The higher risks for different types of bleeding observed with rivaroxaban compared with dabigatran or apixaban could be a result of the dosing regimens. Indeed, while DOACs have similar plasma half-lives [48], rivaroxaban is given once daily whereas dabigatran and apixaban are given twice daily. It is conceivable that once-daily regimens could lead to higher peak concentrations and to an increased risk of bleeding. However, to our knowledge, a correlation between rivaroxaban plasma concentrations and bleeding events has yet to be shown.

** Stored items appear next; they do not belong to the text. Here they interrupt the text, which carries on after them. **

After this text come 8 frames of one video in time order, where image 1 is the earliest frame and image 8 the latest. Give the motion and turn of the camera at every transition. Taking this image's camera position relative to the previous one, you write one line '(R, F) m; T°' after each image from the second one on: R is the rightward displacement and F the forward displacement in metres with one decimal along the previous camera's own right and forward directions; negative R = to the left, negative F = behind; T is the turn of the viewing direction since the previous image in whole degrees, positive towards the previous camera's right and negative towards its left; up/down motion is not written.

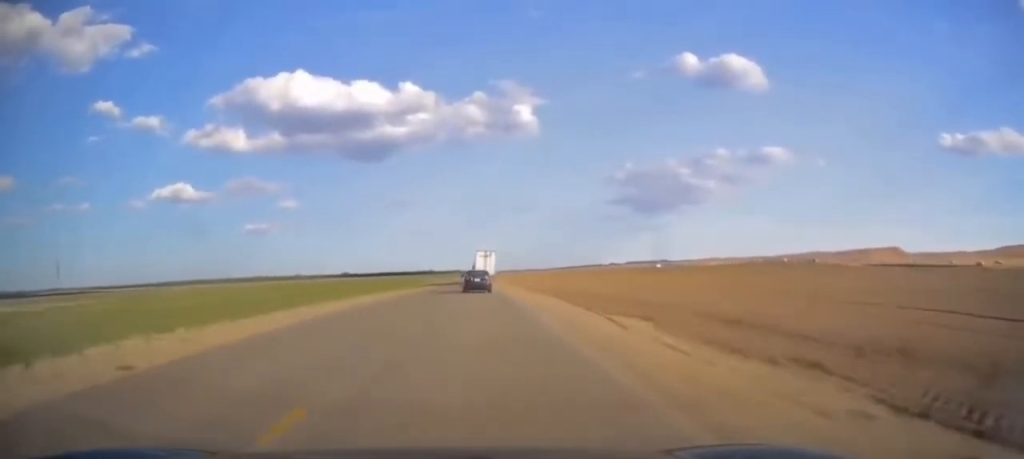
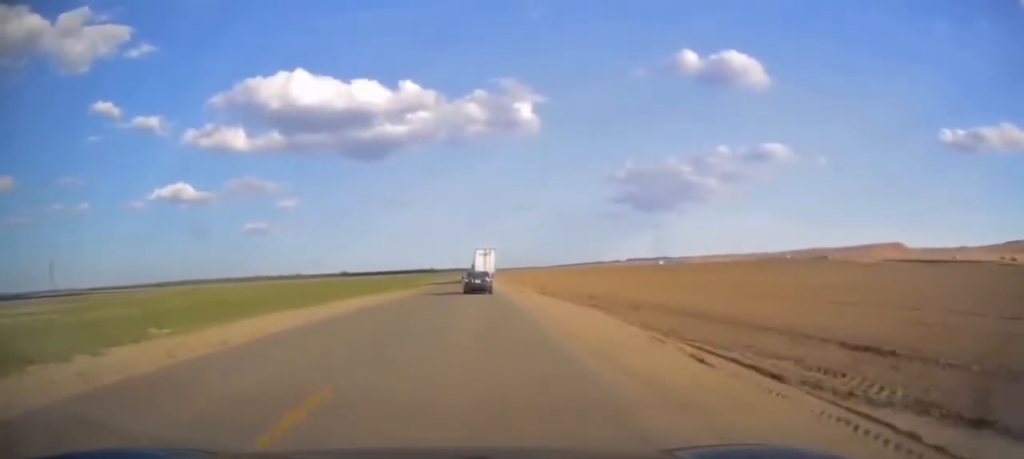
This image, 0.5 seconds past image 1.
(+0.1, +13.7) m; 0°
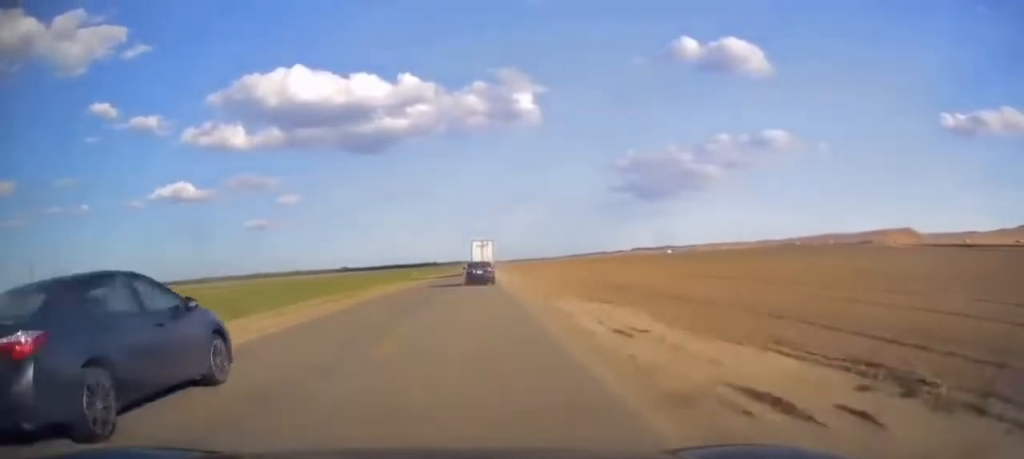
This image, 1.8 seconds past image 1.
(-0.2, +36.9) m; -1°
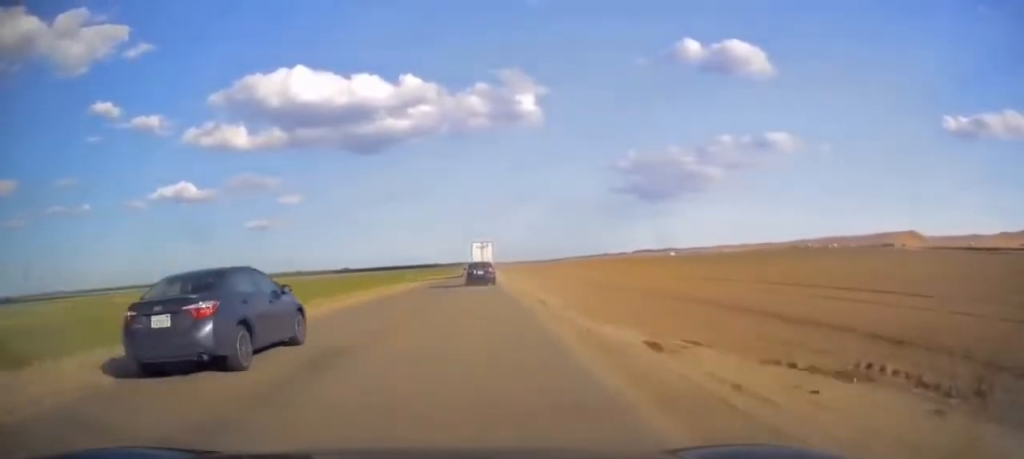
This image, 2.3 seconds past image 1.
(-0.1, +13.0) m; 0°
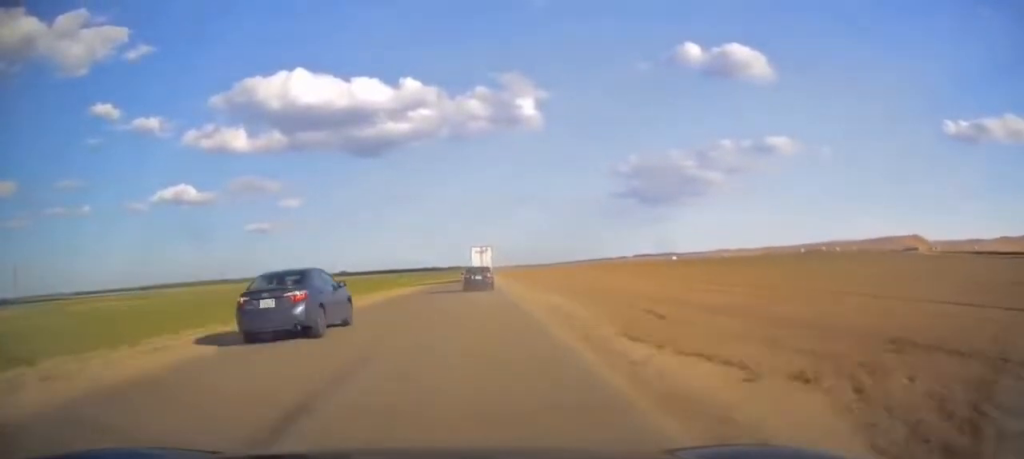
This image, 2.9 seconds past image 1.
(-0.1, +17.7) m; 0°
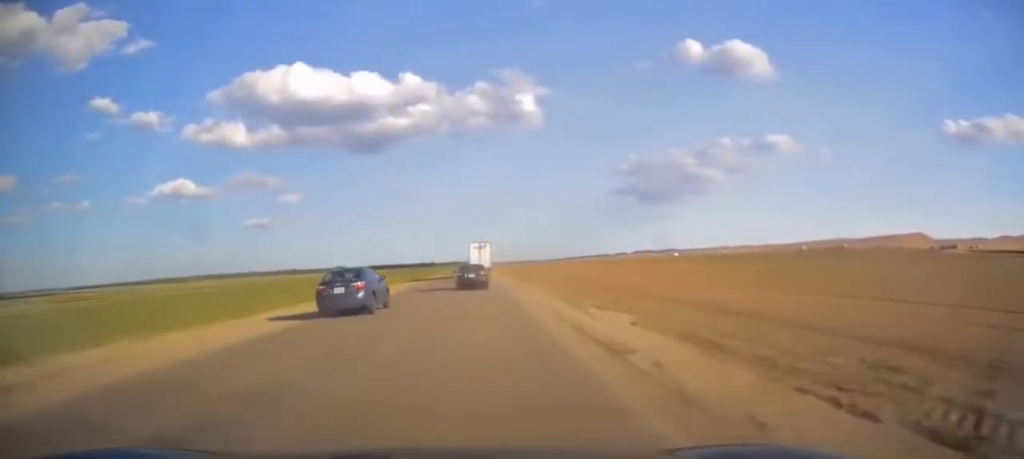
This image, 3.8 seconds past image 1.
(-0.1, +23.3) m; +1°
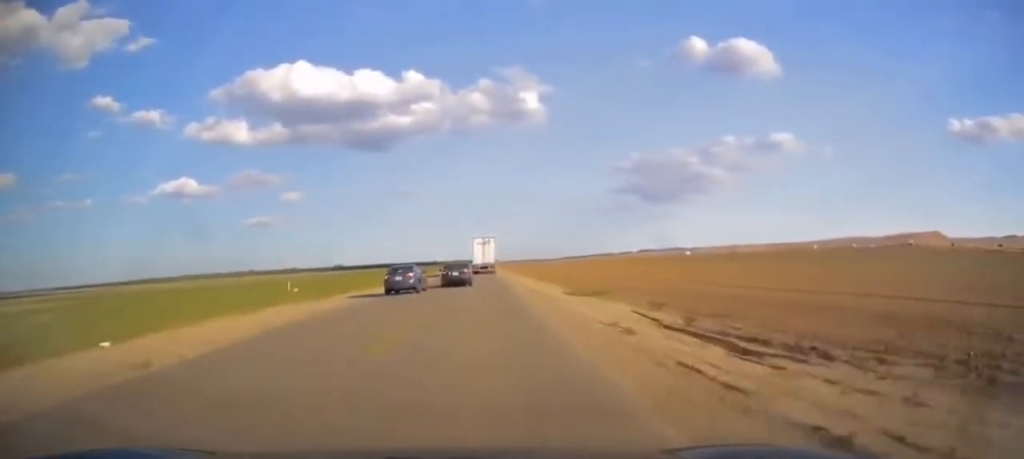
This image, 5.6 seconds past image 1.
(0.0, +51.0) m; 0°
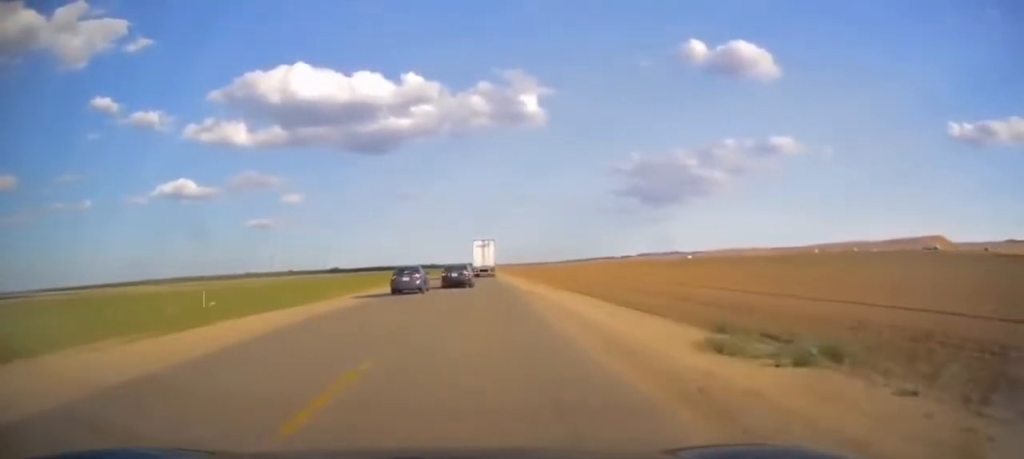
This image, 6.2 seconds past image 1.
(+0.3, +17.6) m; 0°

Our study has several strengths. First, it provides an up-to-date synthesis of the available literature in a dynamically evolving field, including several recent studies not captured in previous systematic reviews and considering almost half a million DOAC users overall. Second, this study presents robust data on the comparative effectiveness and safety of apixaban, a relatively recently approved DOAC. Finally, we used ROBINS-I to evaluate the quality of the included studies, a tool that enables a robust assessment of the risk of different biases such as confounding or selection bias, and restricted meta-analysis to higher-quality studies.

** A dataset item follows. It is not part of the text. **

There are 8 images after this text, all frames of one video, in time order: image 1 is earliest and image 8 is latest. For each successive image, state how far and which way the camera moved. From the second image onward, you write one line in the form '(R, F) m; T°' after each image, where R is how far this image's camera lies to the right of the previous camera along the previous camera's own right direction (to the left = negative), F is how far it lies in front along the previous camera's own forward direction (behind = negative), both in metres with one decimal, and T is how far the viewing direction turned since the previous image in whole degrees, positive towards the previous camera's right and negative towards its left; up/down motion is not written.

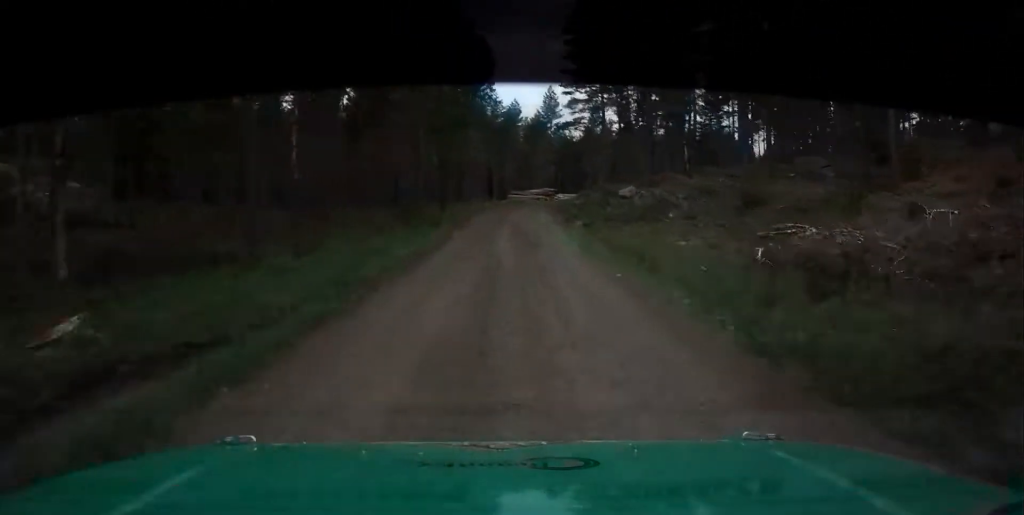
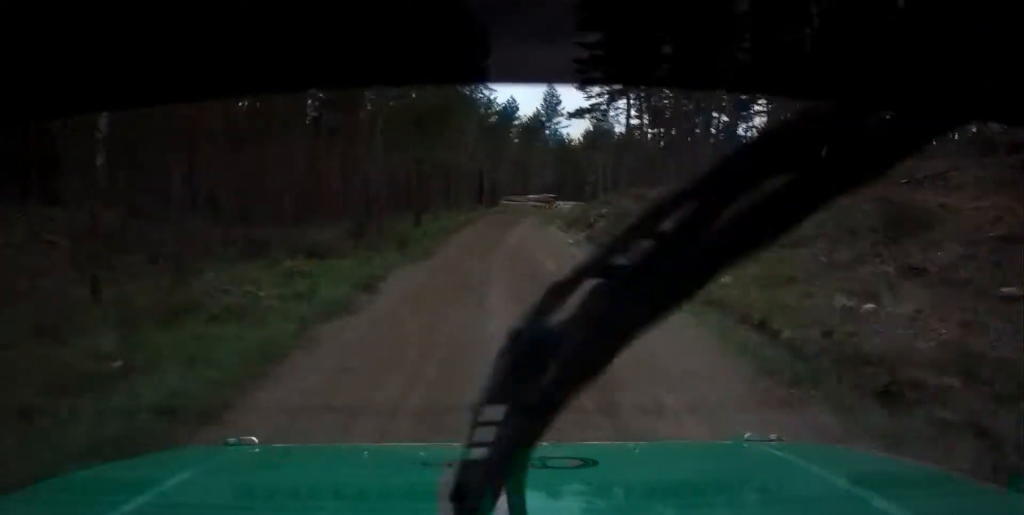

Our study also has some limitations. First, our review is affected by the limitations of the included studies, such as residual confounding due to clinical data not typically captured by administrative databases (e.g., smoking, diet). Second, while the exclusion of studies with < 1000 DOAC users provides an objective, pre-specified threshold based on underlying event rates, there is a possibility that some underpowered but potentially eligible studies could have been excluded. Finally, as the included studies were conducted using computerized healthcare databases from different jurisdictions, confounding due to jurisdiction-specific factors such as formulary restrictions cannot be excluded.

5 Conclusions

Our systematic review and meta-analysis suggest no major differences in the risk of ischemic stroke, all-cause mortality, myocardial infarction, or systemic embolism between dabigatran, rivaroxaban, and apixaban in patients with AF. However, rivaroxaban is associated with an increased risk of bleeding compared with dabigatran, while apixaban is associated with a decreased risk of bleeding compared with either dabigatran or rivaroxaban. Thus, current observational evidence supports the notion that while differences among DOACs regarding effectiveness appear to be small, apixaban should be preferred in AF patients at higher risk of bleeding.